SUPPLIED MATERIAL section start
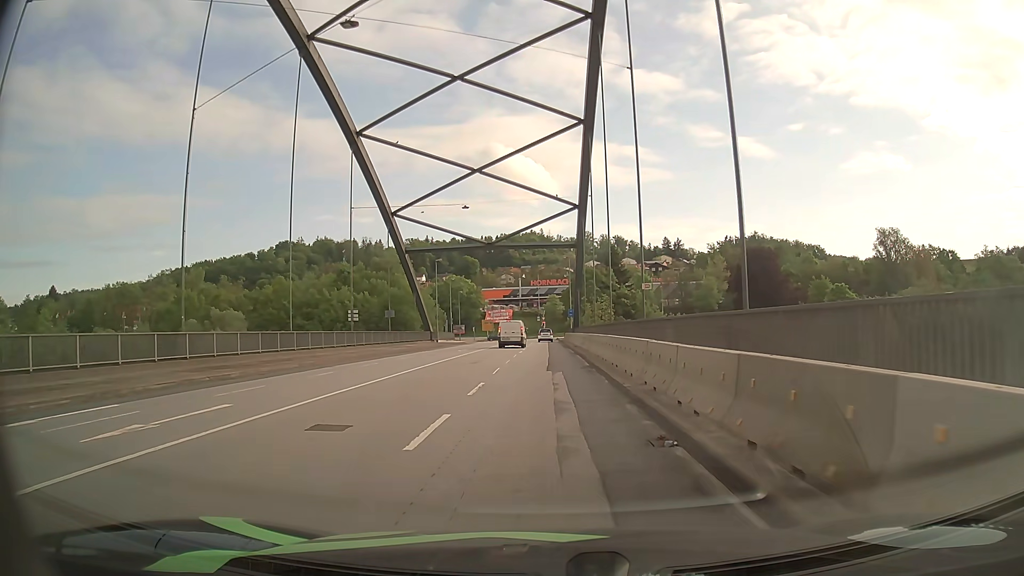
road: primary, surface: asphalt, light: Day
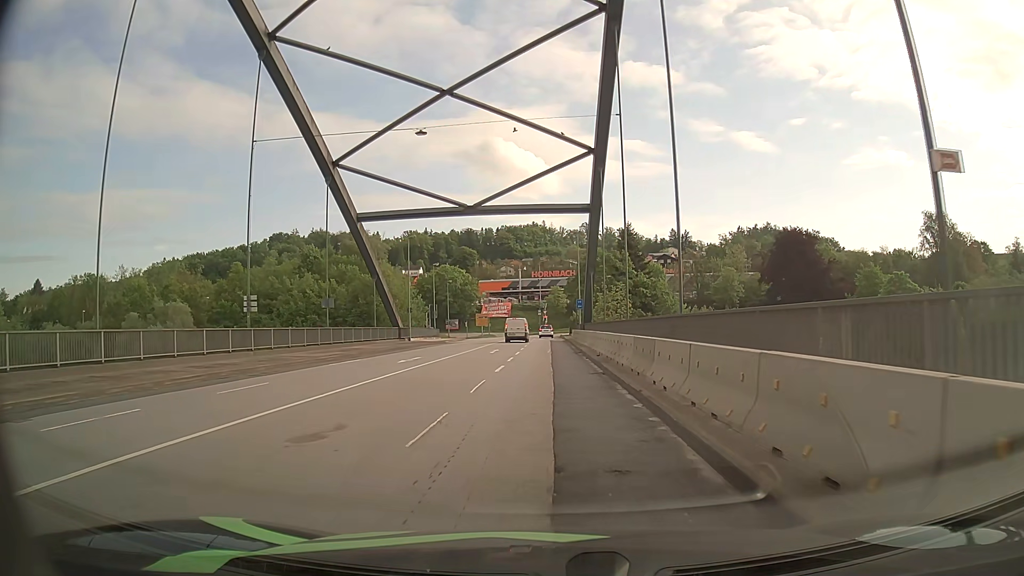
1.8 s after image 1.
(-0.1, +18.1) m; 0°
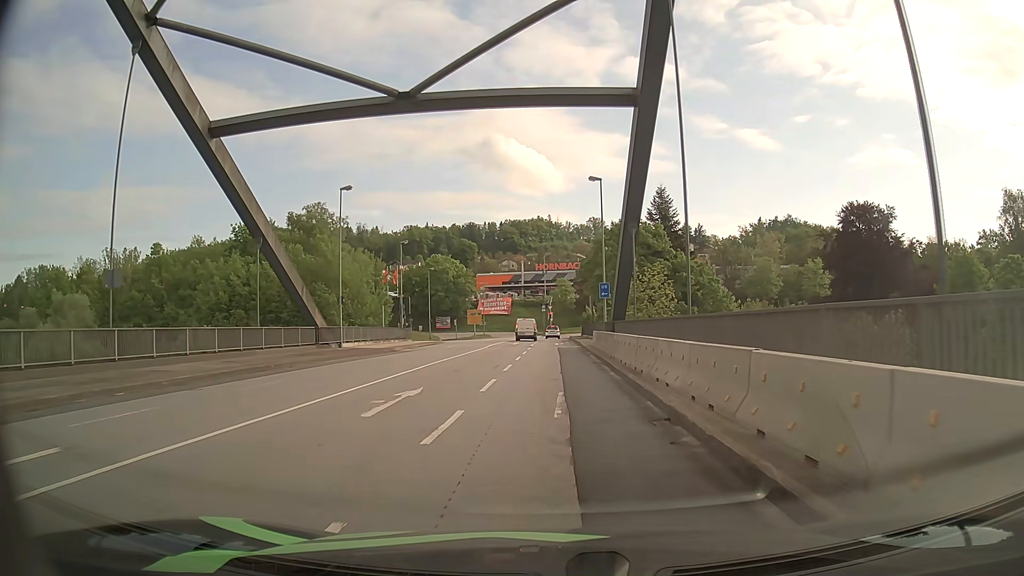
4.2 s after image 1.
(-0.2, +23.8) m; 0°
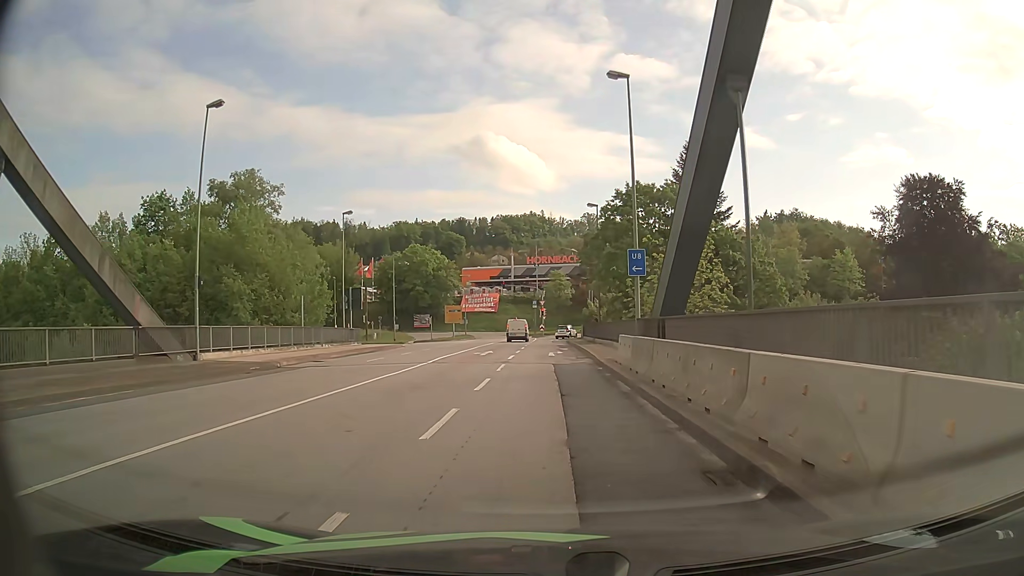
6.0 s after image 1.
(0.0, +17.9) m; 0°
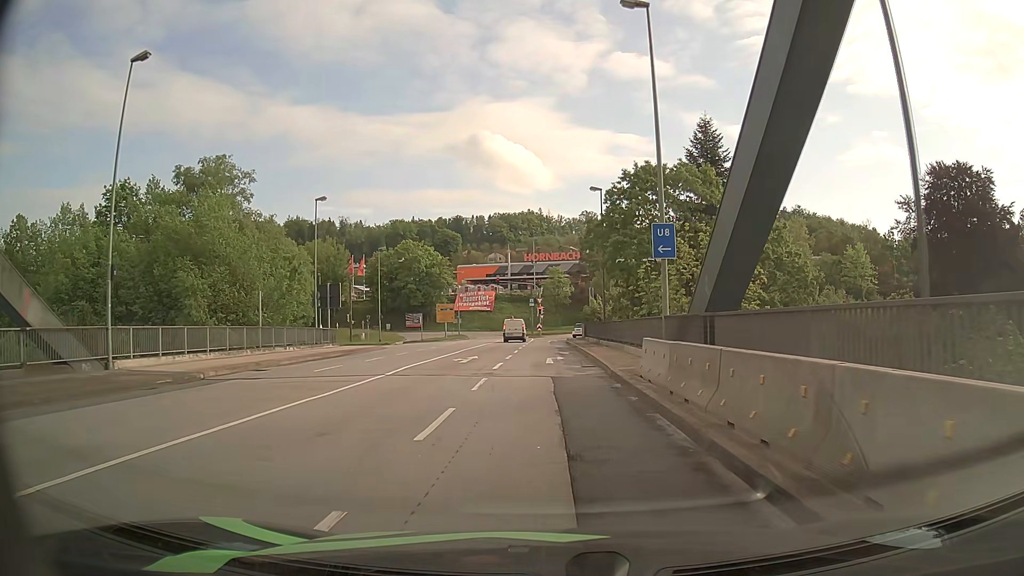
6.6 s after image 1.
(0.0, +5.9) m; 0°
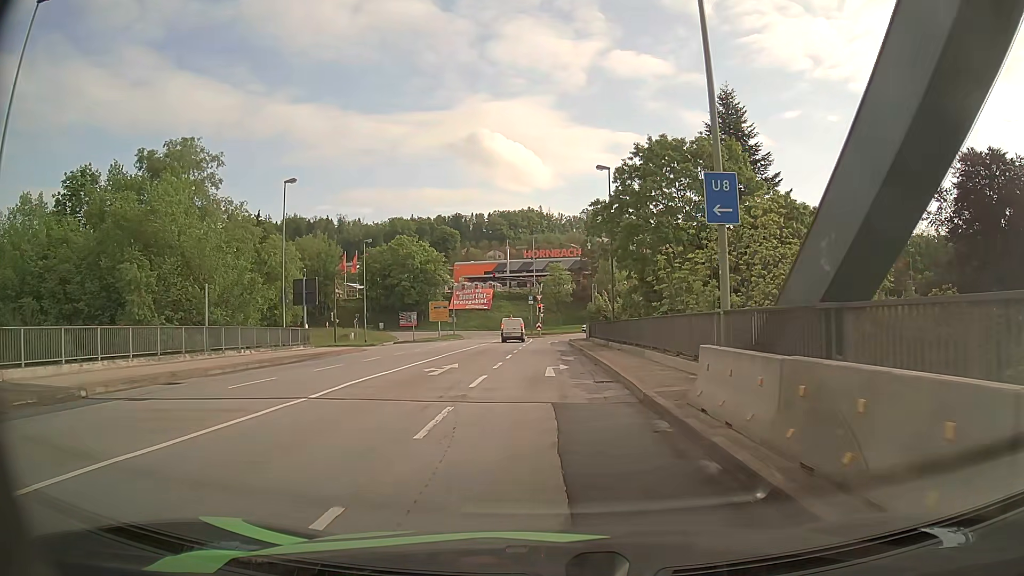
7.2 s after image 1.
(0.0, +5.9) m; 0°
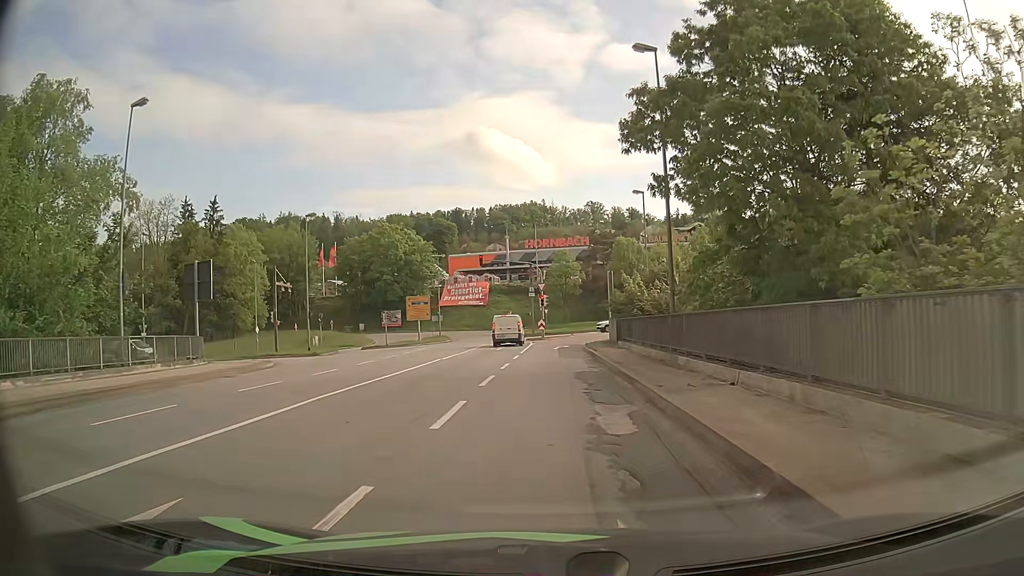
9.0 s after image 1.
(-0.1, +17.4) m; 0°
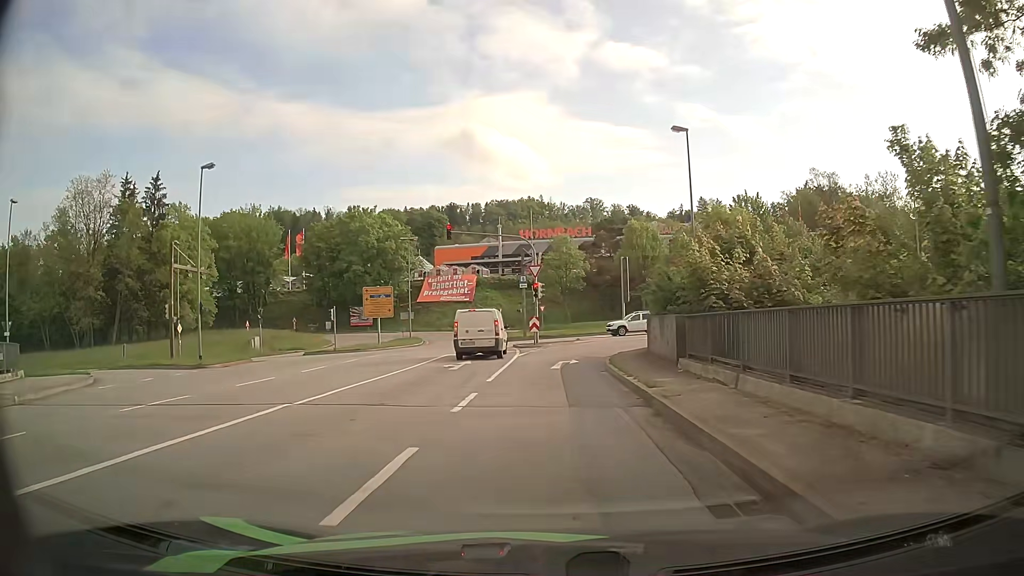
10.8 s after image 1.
SUPPLIED MATERIAL section end
_PROBLEM TO WORK ON:_ The copy runs from the line containing "6.6 s after image 1." through the last line of the material, both ends included. Reproduce those lines exactly and drop the pictures.

_SOLUTION FOR THIS EXERCISE:_
6.6 s after image 1.
(0.0, +5.9) m; 0°
7.2 s after image 1.
(0.0, +5.9) m; 0°
9.0 s after image 1.
(-0.1, +17.4) m; 0°
10.8 s after image 1.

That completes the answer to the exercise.